Dopo un’esperienza sindacale in fabbrica e dopo aver coordinato per alcuni anni una scuola messa in piedi dagli ex allievi di don Lorenzo a Calenzano, nel 1975 decidemmo che era arrivato il momento di partire. Eravamo negli anni Settanta, ma già ci rendevamo conto che la distinzione di classe da noi non era più così netta, non c’era un discrimine preciso fra il proletariato che voleva cambiare le cose e la borghesia che non aveva interesse per i cambiamenti.
C’erano forti partiti di sinistra, ma c’era anche il grande ventre molle della Democrazia cristiana.

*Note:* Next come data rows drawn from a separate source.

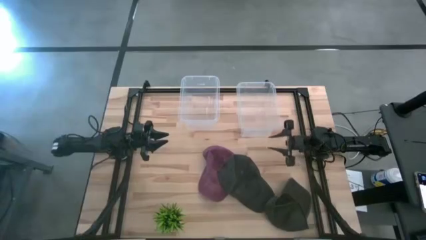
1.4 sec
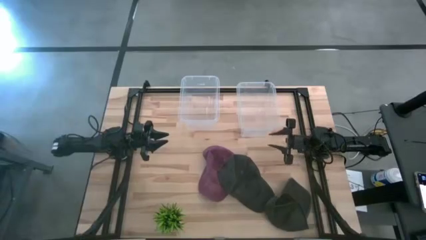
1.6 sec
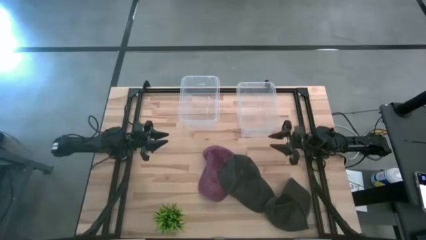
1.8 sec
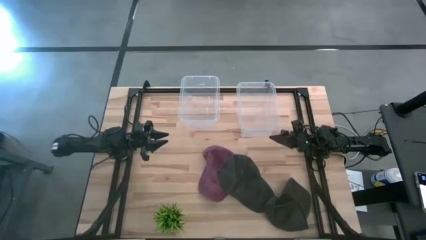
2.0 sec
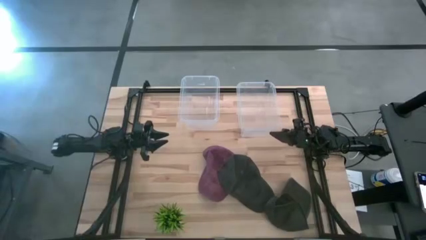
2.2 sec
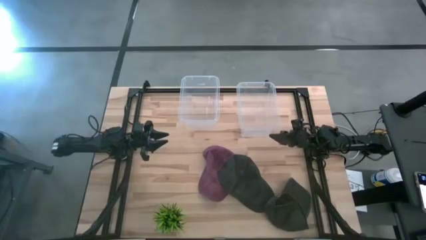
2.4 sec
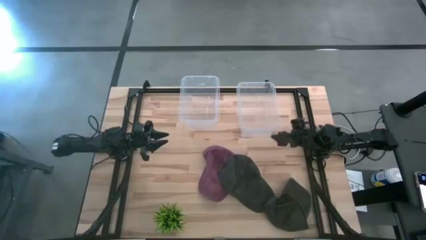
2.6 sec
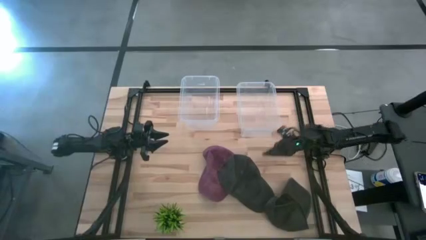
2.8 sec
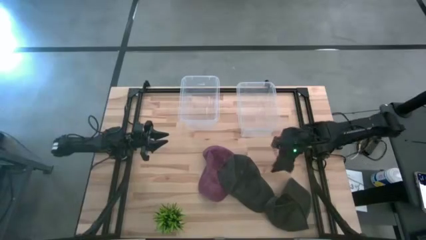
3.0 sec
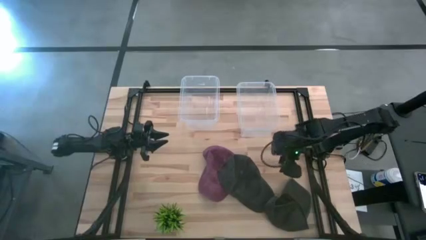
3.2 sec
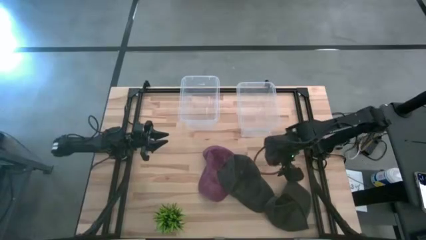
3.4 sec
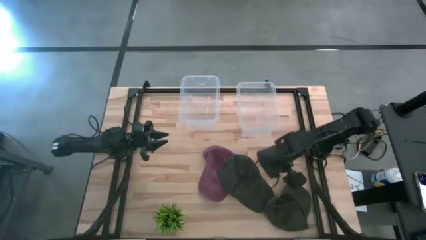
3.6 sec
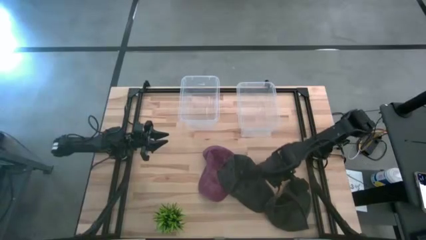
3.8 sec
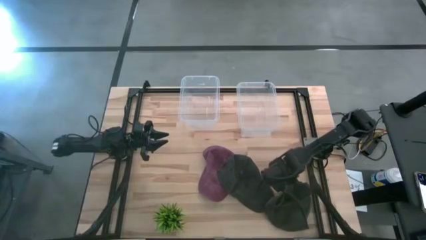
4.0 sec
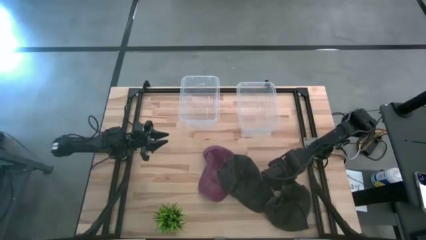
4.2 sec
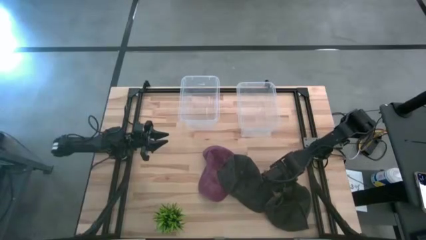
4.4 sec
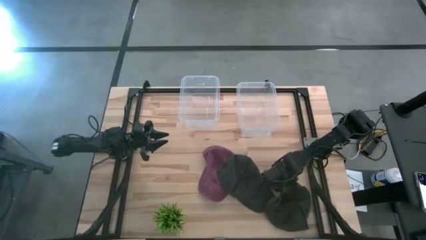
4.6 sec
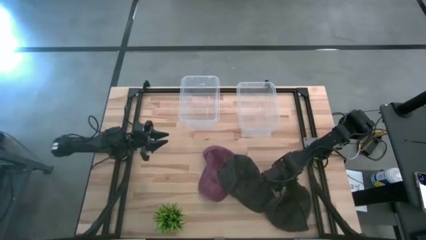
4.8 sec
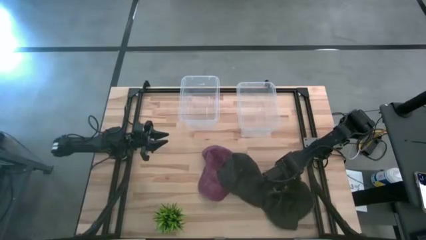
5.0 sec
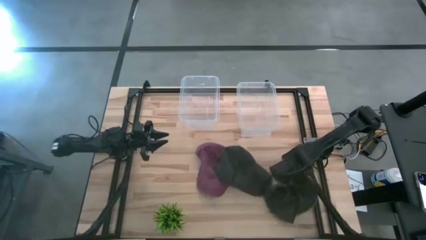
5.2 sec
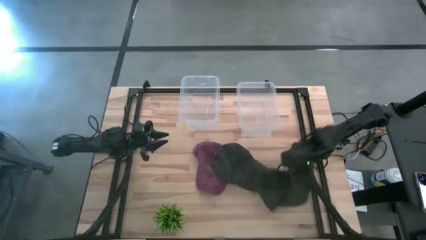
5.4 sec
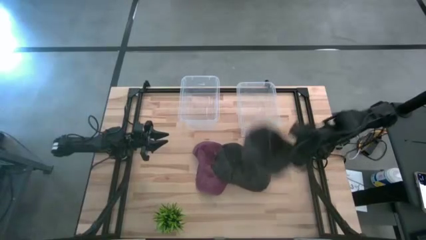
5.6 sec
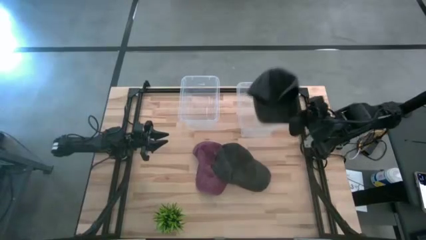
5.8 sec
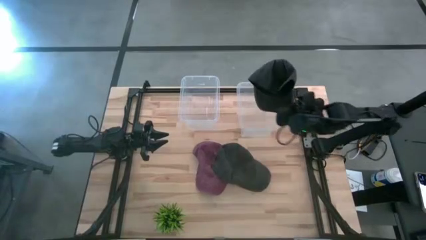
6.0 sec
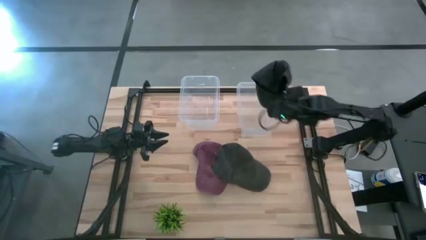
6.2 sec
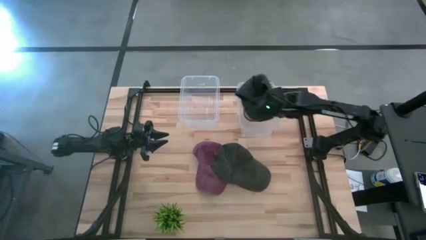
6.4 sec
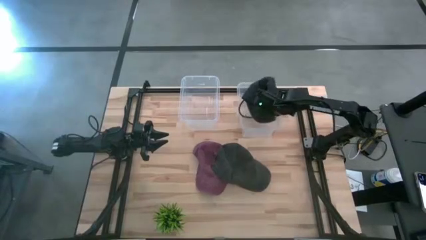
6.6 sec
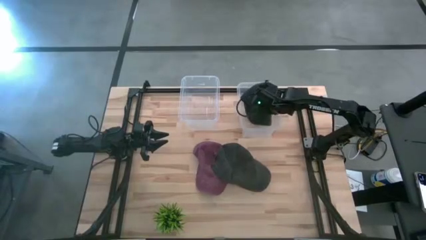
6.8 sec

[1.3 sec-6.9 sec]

C’era il consumismo che stava crescendo ed eravamo sempre più coscienti di appartenere a un blocco di Paesi, il ricco Nord del mondo, che sfruttava l’altro blocco. Per quanto cercassimo, nel nostro ambito, di stare dalla parte giusta, cioè vicino ai più deboli, eravamo consapevoli di vivere nella terra degli aggressori.
Non fu certo una scelta facile: significava essere dalla parte degli ultimi proprio nell’ultimo Paese del mondo per indici di povertà. Alcuni amici, nostri coetanei, erano in Bangladesh e ci aprirono la strada: grazie alle competenze in campo sanitario che avevamo acquisito andammo a lavorare in un lebbrosario. Eravamo in un piccolo villaggio di campagna dove non c’era corrente elettrica, non c’era strada. Non c’era nulla. Da questo punto di vista avevamo fatto una scelta giusta. Ma anche lì ci “portavamo dietro” la nostra origine occidentale, come un marchio di fabbrica. Avevamo sempre gli agganci con gli amici italiani, e con il mondo dei missionari locali, i quali naturalmente non si facevano mancare niente e rispetto ai locali, conducevamo una vita da “nababbi”. Per quanto volessimo fare una scelta - diciamo così - di massa, ci rendevamo conto che non eravamo nella massa. Al di là delle differenze culturali, di lingua, di religione, c’era un cordone ombelicale che continuava ad unirci al nostro mondo.
Quindi il grande punto interrogativo era: ma noi qui che gioco giochiamo? Stiamo facendo davvero la stessa vita dei locali, condividiamo lo stesso loro destino, o rappresentiamo un modello negativo? Non sarà che in realtà li stiamo spronando a uscire dalla loro condizione ma per avvicinarsi alla società dei consumi, che noi rigettiamo, ma che per loro forse rappresenta un punto di arrivo?
Questo dubbio ci attanagliava. Specie da parte di Niva c’era questa grossa obiezione: forse - diceva - sarebbe giusto tornare dall’altra parte del mondo, almeno saremmo fra i nostri pari, mentre qui alla fine non siamo né carne né pesce.

Poi la nostra bimba più grande si ammalò e decidemmo di tornare. Rimase comunque la sensazione profonda di avere fallito: il fallimento era nella scoperta che il “marchio di fabbrica” non te lo togli di dosso. La nostra idea di saltare il fossato, era soltanto un’illusione. Quando ti trovi di fronte alla scelta fra vivere e morire, scelta di fronte alla quale loro, quelli che sono nati lì, si trovano quotidianamente, noi facciamo la scelta di vivere, sfruttiamo la nostra posizione di privilegio per tornare indietro. Tu puoi salvarti: puoi curarti comprando le medicine, puoi far studiare i tuoi bimbi. Ci rendevamo conto che anche se fossimo rimasti lì, saremmo rimasti da privilegiati. Razionalmente io ero convinto che noi dovevamo essere disponibili a vivere le loro condizioni fino in fondo, accettando tutto, fino alle estreme conseguenze. Se vuoi stare con gli ultimi, perché vuoi lottare con loro, ne devi accettare la condizione fino in fondo. Se il destino vuole che tu sia uno di quelli che se ne vanno prima degli altri, la tua scelta politica ti avrà portato anche all’annientamento. Per me la scelta di saltare il fossato era qualcosa da esplorare, ma non capisco, razionalmente parlando, perché io dovrei avere una possibilità in più rispetto a loro. Se la scelta è di classe, è di classe, fino in fondo. Se loro certe opzioni non le hanno, non le devi avere neanche tu. Forse per arrivare a questo punto ci vuole una convinzione che noi sempicemente non avevamo: per cui quando la posta in gioco ha raggiunto certi livelli, noi siamo tornati indietro.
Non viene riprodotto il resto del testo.